Some might be tempted to put the cryptocurrency from the second example in the first place and consider it safer, as it has a higher price. But if we look at the market cap, things can be different, since it is much smaller. This makes the first example a more stable investment and benefits from a stronger market presence. 

These examples show why market capitalization is important and a valuable tool for making more informed decisions. Investors are considering this approach over comparing only cryptocurrency prices, as it helps them better navigate crypto volatility. Usually, investors prefer digital coins with a larger market capitalization, as they also have greater adoption and offer better opportunities when the market is highly volatile and risky. 

Crypto Classification Based On Their Market Cap

Large-Cap Cryptocurrencies

Large-cap cryptocurrencies have market caps exceeding $10 billion.
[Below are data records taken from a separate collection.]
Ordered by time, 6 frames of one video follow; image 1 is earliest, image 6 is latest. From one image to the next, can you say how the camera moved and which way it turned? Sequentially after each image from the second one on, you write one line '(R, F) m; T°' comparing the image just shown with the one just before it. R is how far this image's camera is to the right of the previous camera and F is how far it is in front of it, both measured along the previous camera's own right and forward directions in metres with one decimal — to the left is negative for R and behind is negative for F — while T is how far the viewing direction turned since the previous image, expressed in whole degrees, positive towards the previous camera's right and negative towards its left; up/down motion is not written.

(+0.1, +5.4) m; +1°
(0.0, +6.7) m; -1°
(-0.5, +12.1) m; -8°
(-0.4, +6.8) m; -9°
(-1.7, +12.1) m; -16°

These coins are considered safe investments, as they have established a presence in the crypto market, offer good liquidity, and exhibit lower volatility.

Here they are:

  • Bitcoin (BTC): Bitcoin is the first digital currency and remains the largest crypto by market capitalization to this day. Bitcoin was created in 2009 by an individual or group known as Satoshi Nakamoto, whose identity remains unknown. Bitcoin has a capped supply of 21 million coins, and new tokens are issued to the market through a process called mining. In this process, miners solve complex mathematical problems to validate transactions and add new blocks to the blockchain. 
  • Ethereum (ETH): Ethereum is the second-largest cryptocurrency by market capitalization, having risen to this position by overcoming some of Bitcoin’s shortcomings. Ethereum leverages blockchain technology even further and has introduced additional innovations to this space, such as smart contracts that execute automatically when the terms of the agreement are met. 
  • Tether (USDT): A stablecoin whose value is pegged to the US dollar. This is why it offers a solution to navigate the volatility that the crypto space is renowned for. 

Mid-Cap Cryptocurrencies

Mid-cap crypto has a market cap between $1 billion and $10 billion. They have the potential to appreciate significantly, but they can also be riskier than large-cap cryptocurrencies. Here are some examples of mid-cap cryptocurrencies. 
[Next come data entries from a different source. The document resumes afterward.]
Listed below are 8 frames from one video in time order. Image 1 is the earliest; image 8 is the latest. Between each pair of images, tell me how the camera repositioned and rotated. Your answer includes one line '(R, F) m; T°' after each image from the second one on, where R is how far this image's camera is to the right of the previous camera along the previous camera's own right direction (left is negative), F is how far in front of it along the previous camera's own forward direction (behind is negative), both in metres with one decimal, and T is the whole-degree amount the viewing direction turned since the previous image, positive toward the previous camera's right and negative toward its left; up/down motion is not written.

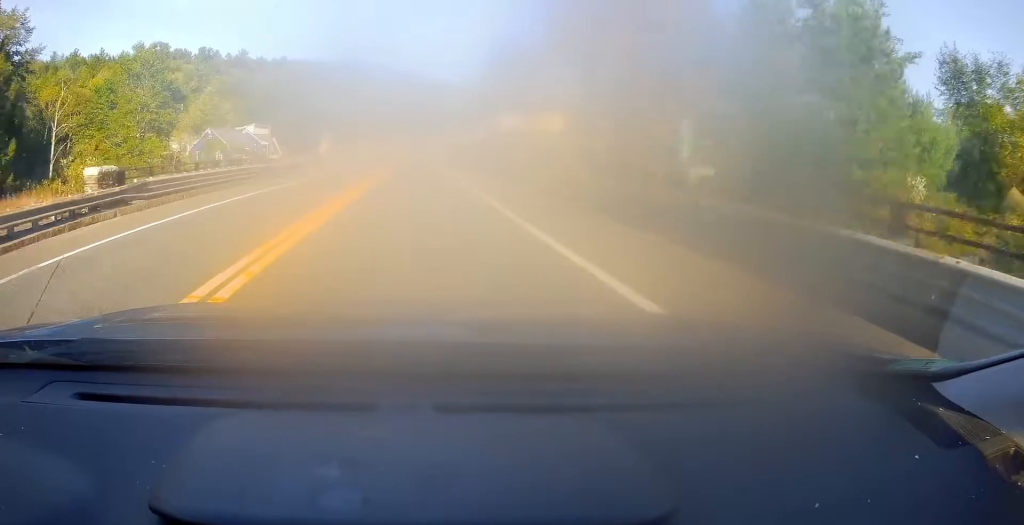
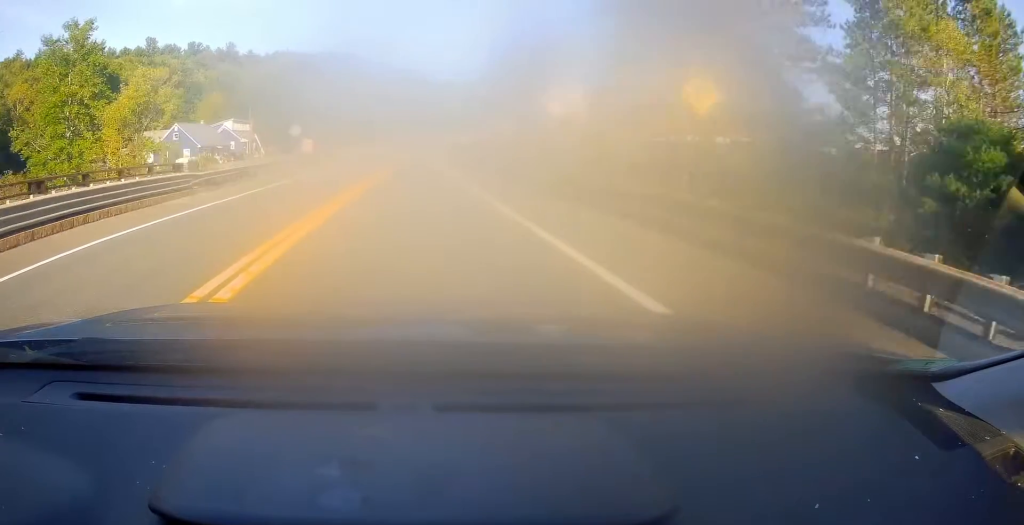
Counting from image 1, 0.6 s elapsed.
(0.0, +13.3) m; 0°
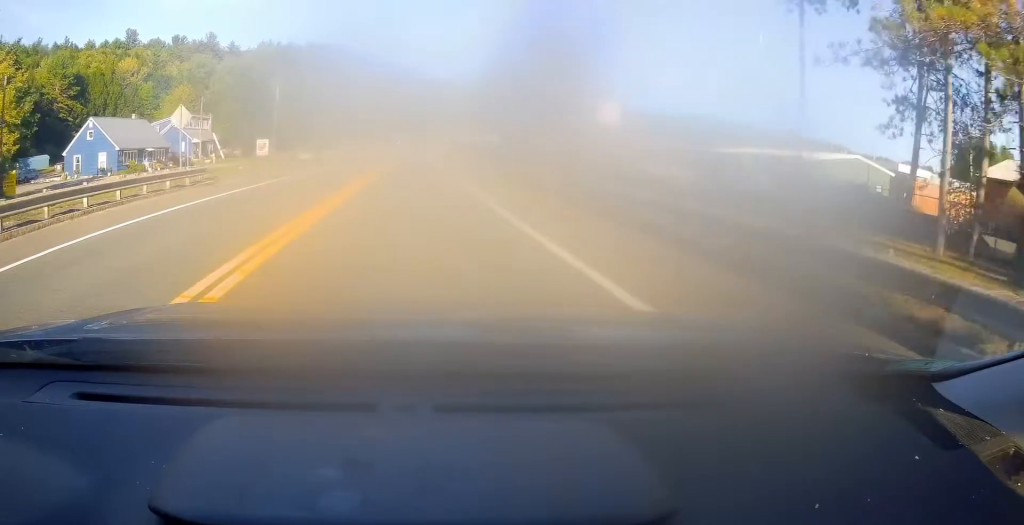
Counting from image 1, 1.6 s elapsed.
(+0.2, +23.4) m; +1°
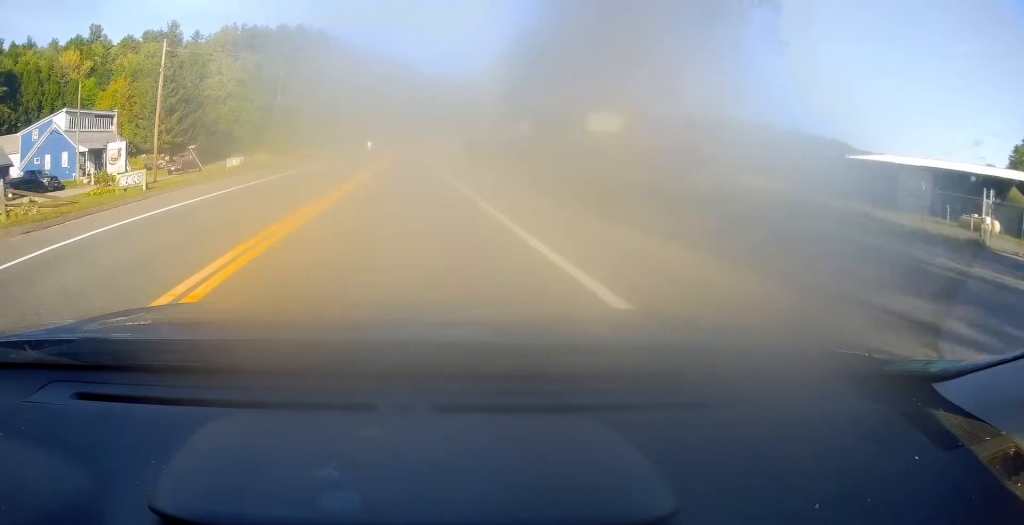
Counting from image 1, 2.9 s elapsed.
(+0.3, +30.7) m; 0°
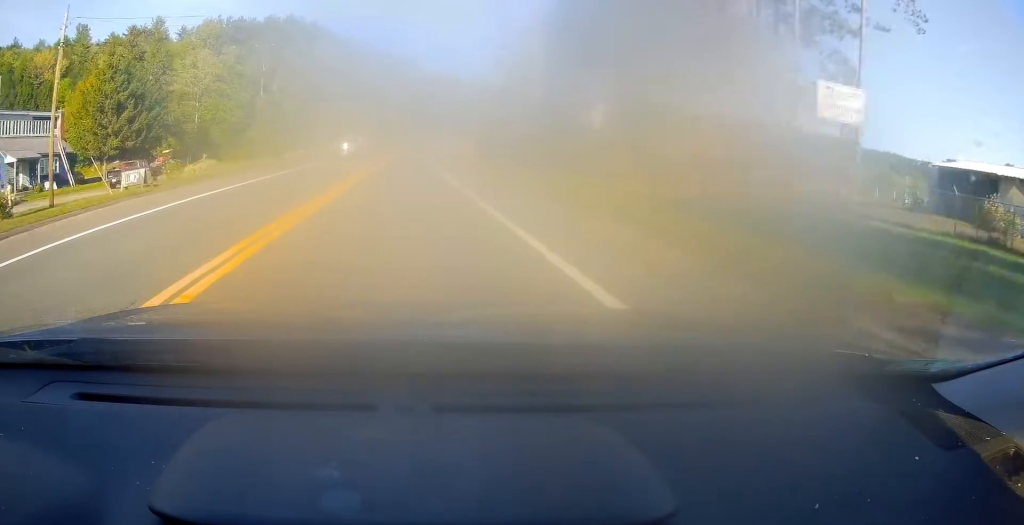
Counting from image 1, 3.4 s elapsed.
(0.0, +12.1) m; -1°
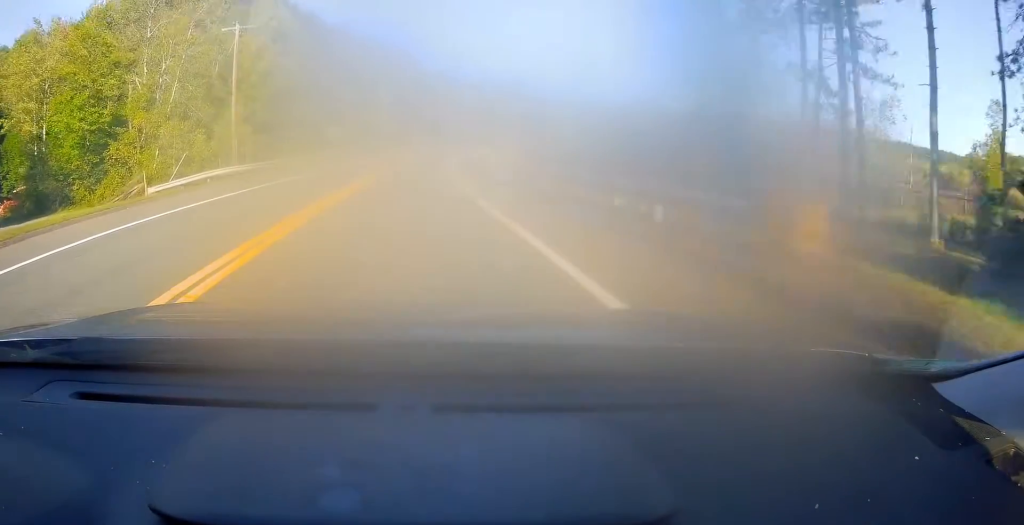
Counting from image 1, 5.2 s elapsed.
(-0.1, +38.2) m; +2°
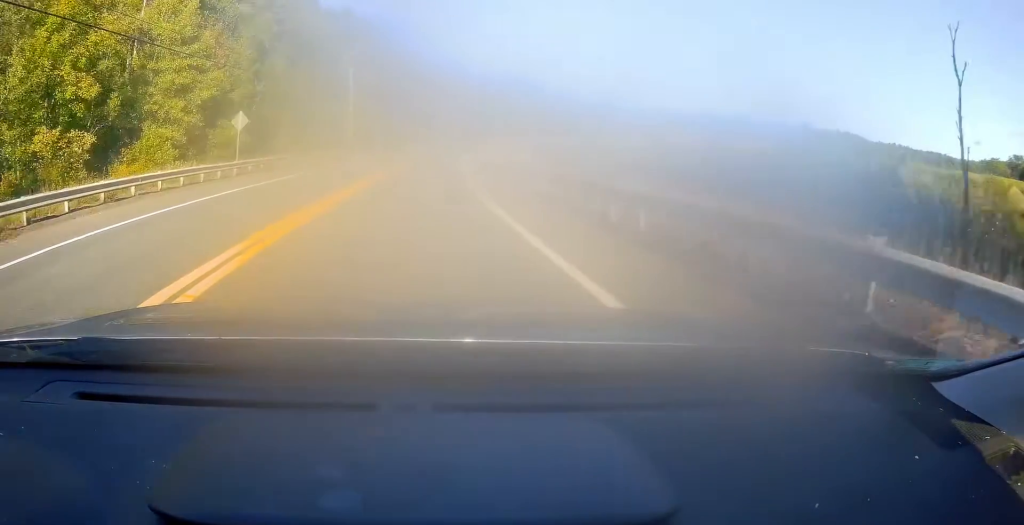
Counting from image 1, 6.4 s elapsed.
(+0.6, +26.3) m; +1°
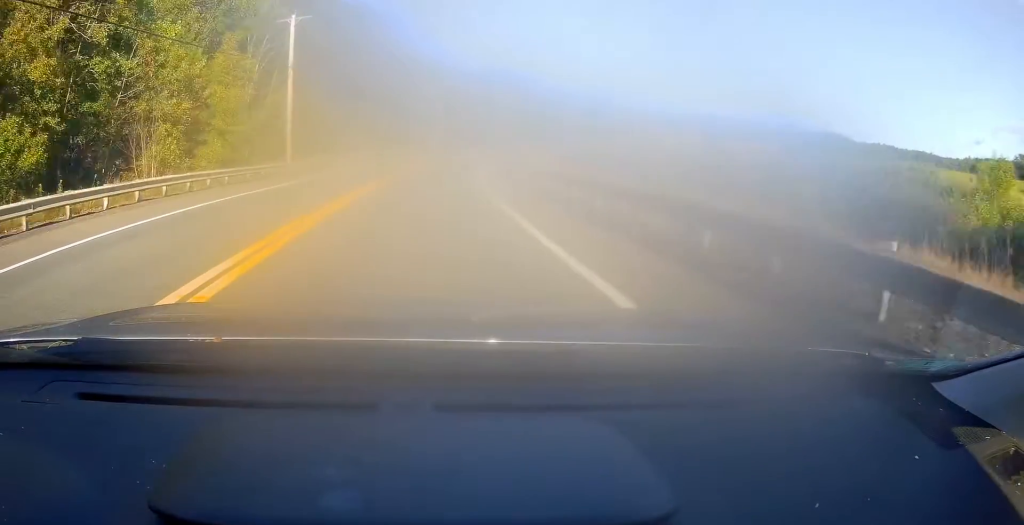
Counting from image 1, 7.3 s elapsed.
(-0.4, +18.5) m; +1°

  • Bitcoin Cash (BCH): Bitcoin Cash emerged in 2017 from a fork of the main Bitcoin blockchain. The fork was needed to maintain Bitcoin’s usability and scalability. 
  • Chainlink (LINK): Chainlink is a decentralized oracle network that connects smart contracts across different blockchains to real-world services and data. The native token of this platform is LINK, which allows payments for the platform. 
  • Polygon (MATIC): Polygon is a scaling solution built on the Ethereum blockchain that enables cheaper, faster transactions, powered by its native token, MATIC. 

Small-Cap Cryptocurrencies

Small-cap cryptocurrencies have a market cap of less than $1 billion. This makes the investment option riskier, as it is prone to rapid fluctuations in value. Here are some examples of this kind: 

  • AQA: AQA is a crypto created on the Solana Blockchain, as part of its Web3 ecosystem. This crypto aims to serve as a bridge between the physical and digital worlds through innovations such as the AQA Digital City. 
  • Youclout (YCT): is a metaverse blockchain and a crypto asset built on the Cardano blockchain. It has its own goal: connecting influencers, content creators, and their communities. 
  • GenieSwap (GENIE): GenieSwap is a decentralized finance platform that made its debut in 2023. It allows users to access services like staking, cross-chain swaps, and a project launchpad. The native token of this blockchain is GENIE, which grants access to governance and other activities. 

Conclusion

Cryptocurrencies are not the simplest concepts to grasp, so we need something to help us navigate their volatility. In this regard, market capitalization offers a valuable metric that helps investors analyze market trends, compare assets, and better navigate risks.